Problem statement:
Starting with the line that contains "324.45c-0.535 7.191-20.711 48.289-26.023", copy every remaining line of the data below exactly, the last one included.

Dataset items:
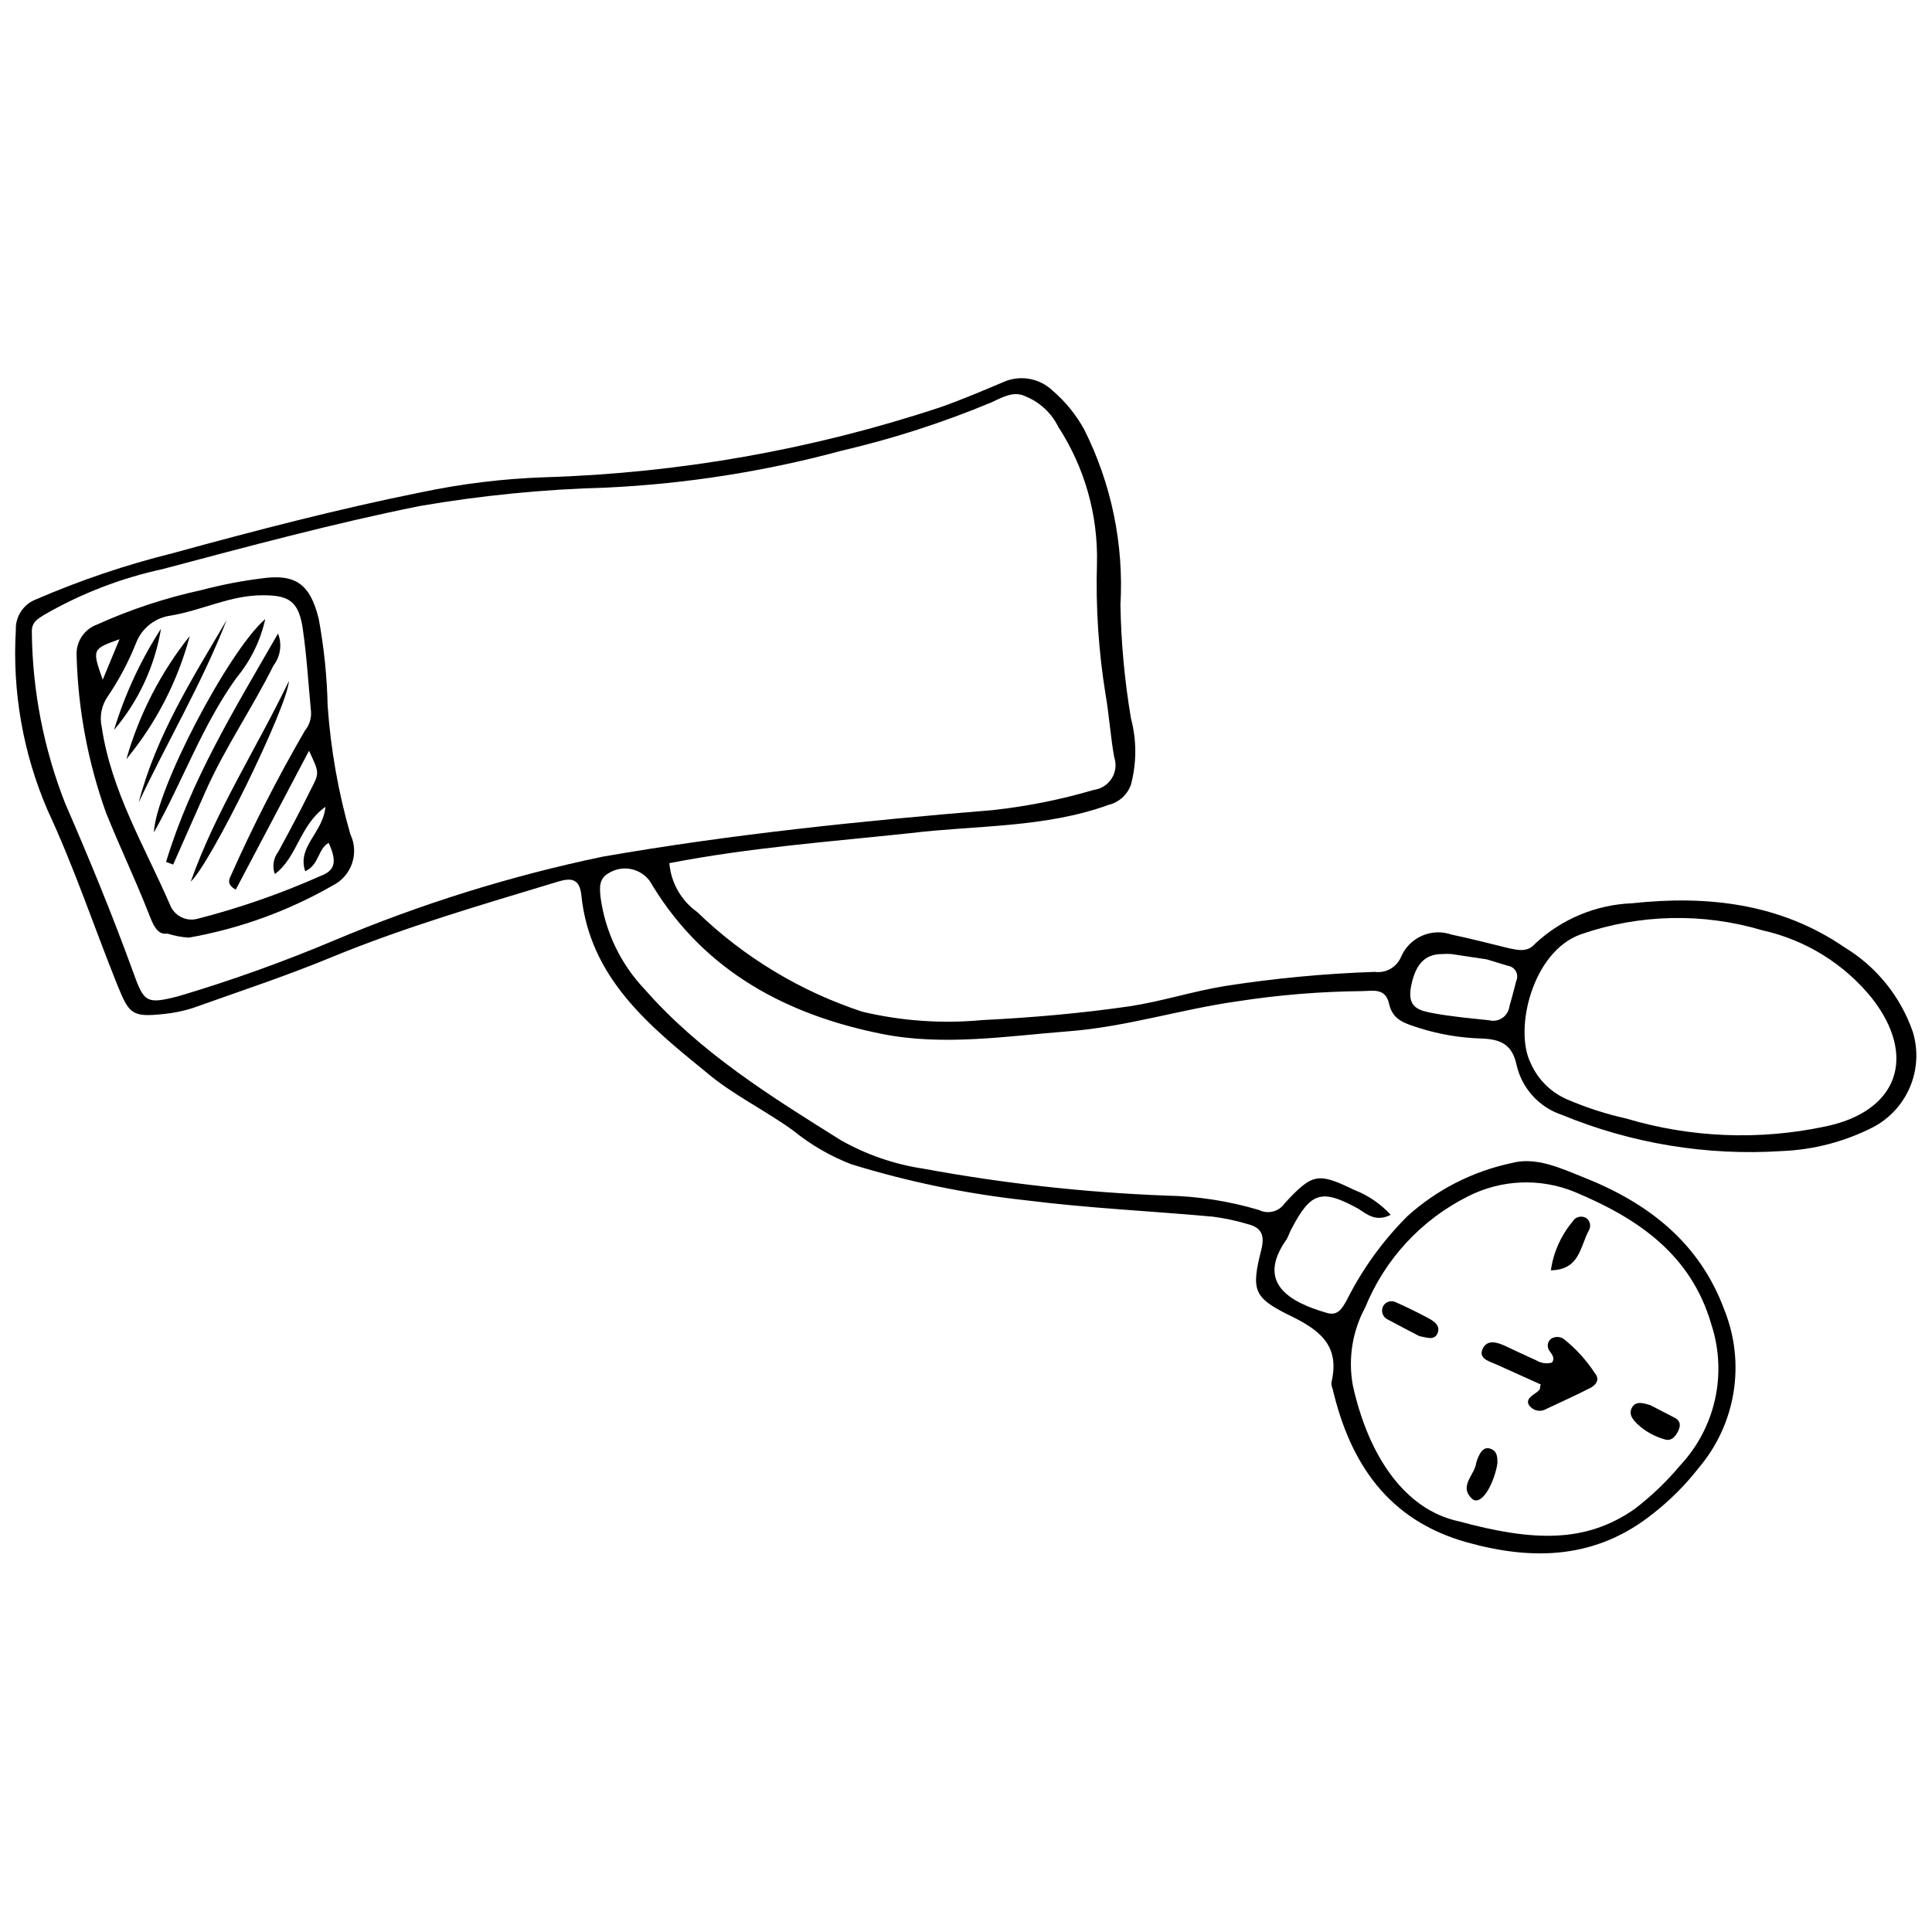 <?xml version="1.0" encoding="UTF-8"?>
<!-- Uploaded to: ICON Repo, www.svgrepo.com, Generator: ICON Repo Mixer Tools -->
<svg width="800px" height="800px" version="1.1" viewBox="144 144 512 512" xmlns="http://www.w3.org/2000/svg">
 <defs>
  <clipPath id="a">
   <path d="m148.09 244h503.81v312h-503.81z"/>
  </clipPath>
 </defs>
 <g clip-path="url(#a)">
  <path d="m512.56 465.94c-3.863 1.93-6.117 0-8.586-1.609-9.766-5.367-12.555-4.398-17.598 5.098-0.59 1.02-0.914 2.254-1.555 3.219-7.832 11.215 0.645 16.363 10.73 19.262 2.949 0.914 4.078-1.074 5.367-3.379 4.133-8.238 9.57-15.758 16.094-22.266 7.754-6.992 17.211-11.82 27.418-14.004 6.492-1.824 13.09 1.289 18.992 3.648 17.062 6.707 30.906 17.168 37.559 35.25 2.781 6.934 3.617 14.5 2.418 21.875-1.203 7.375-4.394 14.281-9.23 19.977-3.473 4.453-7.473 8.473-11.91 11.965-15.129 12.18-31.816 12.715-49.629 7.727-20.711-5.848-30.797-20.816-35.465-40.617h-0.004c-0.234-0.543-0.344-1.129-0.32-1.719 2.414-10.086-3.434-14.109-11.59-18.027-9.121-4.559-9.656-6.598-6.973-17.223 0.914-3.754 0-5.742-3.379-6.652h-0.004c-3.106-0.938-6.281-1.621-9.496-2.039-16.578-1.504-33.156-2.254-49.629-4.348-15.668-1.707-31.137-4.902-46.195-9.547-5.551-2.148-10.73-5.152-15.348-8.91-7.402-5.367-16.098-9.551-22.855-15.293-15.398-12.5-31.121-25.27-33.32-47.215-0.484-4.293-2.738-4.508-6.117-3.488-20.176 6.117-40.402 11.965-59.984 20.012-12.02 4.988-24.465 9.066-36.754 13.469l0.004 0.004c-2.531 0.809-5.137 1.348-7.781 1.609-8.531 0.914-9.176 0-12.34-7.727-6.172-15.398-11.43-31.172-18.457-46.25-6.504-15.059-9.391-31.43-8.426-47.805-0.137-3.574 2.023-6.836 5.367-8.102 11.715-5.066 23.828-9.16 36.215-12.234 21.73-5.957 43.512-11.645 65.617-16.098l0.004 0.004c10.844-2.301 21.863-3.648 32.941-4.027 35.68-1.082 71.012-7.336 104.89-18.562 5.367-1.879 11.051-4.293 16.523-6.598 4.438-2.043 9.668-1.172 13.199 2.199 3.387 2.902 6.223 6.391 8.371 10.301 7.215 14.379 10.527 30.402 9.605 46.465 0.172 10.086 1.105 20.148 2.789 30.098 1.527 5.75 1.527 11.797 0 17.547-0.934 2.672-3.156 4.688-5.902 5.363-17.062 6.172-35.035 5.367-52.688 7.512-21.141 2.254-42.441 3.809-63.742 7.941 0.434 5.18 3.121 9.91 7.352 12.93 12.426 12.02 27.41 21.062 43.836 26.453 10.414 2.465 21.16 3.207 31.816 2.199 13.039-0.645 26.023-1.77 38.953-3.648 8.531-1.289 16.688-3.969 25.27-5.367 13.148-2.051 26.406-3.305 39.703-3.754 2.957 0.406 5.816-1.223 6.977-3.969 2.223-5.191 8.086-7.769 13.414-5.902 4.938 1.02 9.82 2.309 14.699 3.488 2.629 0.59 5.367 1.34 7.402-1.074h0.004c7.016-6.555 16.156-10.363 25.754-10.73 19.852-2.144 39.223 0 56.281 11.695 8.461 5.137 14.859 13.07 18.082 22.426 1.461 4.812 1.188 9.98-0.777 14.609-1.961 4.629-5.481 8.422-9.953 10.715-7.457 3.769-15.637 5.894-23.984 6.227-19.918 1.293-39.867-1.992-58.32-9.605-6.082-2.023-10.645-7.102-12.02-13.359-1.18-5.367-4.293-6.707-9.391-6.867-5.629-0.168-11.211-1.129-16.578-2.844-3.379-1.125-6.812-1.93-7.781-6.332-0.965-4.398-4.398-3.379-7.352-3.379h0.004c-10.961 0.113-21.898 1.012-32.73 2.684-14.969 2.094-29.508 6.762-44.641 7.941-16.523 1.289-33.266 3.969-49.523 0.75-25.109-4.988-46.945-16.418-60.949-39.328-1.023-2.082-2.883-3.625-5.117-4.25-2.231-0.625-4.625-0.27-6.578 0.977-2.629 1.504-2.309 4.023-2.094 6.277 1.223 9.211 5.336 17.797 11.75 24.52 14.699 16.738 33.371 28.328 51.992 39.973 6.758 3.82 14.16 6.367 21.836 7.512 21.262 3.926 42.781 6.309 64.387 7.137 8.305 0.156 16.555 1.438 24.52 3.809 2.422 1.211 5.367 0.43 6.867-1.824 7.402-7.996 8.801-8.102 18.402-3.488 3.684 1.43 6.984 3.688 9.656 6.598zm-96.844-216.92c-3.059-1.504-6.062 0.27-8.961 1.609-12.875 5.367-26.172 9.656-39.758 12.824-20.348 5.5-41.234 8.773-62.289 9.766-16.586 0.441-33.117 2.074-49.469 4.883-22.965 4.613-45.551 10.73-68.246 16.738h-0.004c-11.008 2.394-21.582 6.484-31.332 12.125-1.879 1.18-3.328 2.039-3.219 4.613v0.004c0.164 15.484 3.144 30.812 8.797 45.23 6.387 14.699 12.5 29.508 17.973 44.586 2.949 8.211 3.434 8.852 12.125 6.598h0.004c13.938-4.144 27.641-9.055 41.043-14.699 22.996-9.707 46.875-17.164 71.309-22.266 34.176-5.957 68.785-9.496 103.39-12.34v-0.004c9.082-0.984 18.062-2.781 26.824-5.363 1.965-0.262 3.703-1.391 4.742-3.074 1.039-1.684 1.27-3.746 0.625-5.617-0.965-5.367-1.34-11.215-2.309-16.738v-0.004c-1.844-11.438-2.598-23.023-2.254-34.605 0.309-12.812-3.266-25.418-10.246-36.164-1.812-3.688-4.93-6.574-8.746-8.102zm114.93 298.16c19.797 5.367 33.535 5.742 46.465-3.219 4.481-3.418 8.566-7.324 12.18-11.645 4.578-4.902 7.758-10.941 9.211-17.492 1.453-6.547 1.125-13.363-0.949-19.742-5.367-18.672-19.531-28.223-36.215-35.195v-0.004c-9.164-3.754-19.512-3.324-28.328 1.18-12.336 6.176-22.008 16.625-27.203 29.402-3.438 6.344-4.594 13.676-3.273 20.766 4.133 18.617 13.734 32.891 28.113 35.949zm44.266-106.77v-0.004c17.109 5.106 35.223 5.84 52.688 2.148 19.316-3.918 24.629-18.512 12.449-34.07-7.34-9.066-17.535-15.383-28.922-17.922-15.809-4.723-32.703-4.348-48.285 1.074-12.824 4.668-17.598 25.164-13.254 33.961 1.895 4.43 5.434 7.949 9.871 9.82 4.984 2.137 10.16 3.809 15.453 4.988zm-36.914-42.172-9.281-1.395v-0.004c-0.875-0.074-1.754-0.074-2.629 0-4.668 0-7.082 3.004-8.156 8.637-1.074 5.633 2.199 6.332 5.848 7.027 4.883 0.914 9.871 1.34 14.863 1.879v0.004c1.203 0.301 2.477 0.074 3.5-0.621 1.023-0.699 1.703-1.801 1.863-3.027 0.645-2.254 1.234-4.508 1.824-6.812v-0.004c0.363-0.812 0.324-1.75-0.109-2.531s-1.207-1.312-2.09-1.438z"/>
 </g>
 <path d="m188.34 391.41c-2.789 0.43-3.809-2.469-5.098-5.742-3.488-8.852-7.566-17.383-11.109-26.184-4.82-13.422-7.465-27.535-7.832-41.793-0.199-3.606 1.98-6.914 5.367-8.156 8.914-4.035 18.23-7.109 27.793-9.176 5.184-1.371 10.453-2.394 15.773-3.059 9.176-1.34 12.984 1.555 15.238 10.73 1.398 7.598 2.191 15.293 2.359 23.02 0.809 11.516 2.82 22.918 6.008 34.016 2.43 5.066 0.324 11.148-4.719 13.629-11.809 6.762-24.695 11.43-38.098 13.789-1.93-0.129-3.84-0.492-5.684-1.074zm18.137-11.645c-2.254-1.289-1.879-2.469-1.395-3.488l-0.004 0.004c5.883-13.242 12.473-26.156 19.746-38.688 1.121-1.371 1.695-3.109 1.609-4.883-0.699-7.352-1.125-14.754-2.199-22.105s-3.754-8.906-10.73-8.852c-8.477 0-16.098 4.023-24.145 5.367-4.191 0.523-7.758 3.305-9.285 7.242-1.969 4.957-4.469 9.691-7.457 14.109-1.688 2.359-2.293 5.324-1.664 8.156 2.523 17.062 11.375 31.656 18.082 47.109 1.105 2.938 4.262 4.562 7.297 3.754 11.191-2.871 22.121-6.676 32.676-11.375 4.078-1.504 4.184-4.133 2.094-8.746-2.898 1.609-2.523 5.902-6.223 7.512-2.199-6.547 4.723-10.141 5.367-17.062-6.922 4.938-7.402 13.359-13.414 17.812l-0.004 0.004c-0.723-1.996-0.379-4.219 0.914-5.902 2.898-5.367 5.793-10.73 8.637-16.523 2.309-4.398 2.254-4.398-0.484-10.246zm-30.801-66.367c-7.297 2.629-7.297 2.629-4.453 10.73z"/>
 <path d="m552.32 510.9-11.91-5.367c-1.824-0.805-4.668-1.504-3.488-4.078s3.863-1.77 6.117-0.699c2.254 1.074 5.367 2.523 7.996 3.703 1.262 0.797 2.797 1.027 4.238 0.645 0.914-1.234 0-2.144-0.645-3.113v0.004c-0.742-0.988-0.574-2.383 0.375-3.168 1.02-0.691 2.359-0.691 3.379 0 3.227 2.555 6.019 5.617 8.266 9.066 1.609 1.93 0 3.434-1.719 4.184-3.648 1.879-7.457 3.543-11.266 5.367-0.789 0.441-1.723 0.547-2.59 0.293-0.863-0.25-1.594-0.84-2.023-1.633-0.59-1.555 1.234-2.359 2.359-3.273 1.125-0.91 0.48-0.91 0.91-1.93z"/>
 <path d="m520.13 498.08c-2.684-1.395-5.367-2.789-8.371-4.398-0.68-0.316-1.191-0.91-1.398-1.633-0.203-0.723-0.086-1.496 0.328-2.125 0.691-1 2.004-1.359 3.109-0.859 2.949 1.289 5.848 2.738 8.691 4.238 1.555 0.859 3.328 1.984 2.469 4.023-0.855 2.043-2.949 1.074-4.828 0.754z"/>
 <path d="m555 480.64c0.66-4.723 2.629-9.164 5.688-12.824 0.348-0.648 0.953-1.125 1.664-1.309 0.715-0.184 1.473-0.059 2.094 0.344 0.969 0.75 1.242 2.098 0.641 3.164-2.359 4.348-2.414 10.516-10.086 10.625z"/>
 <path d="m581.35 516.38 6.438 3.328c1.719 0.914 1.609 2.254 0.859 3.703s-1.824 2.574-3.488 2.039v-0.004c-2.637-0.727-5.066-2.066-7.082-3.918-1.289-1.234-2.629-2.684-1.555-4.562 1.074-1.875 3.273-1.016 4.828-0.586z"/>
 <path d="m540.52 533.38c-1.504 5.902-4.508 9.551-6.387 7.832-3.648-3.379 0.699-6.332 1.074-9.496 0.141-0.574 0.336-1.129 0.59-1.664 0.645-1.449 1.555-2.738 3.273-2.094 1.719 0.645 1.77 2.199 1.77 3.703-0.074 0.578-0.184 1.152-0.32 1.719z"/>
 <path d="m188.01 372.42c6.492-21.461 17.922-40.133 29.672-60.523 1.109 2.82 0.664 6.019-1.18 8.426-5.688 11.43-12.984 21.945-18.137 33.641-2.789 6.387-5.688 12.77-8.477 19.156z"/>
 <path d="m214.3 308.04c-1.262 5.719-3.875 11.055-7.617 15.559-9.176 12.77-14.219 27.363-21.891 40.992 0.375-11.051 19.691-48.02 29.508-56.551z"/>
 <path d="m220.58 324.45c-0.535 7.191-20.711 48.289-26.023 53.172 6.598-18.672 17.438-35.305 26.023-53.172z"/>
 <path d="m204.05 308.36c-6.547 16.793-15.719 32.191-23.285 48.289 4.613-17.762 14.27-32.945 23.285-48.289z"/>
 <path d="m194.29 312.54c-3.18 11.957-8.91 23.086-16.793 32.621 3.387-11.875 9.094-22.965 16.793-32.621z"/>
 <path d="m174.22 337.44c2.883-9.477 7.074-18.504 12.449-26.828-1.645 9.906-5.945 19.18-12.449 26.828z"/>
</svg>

Expected output:
 <path d="m220.58 324.45c-0.535 7.191-20.711 48.289-26.023 53.172 6.598-18.672 17.438-35.305 26.023-53.172z"/>
 <path d="m204.05 308.36c-6.547 16.793-15.719 32.191-23.285 48.289 4.613-17.762 14.27-32.945 23.285-48.289z"/>
 <path d="m194.29 312.54c-3.18 11.957-8.91 23.086-16.793 32.621 3.387-11.875 9.094-22.965 16.793-32.621z"/>
 <path d="m174.22 337.44c2.883-9.477 7.074-18.504 12.449-26.828-1.645 9.906-5.945 19.18-12.449 26.828z"/>
</svg>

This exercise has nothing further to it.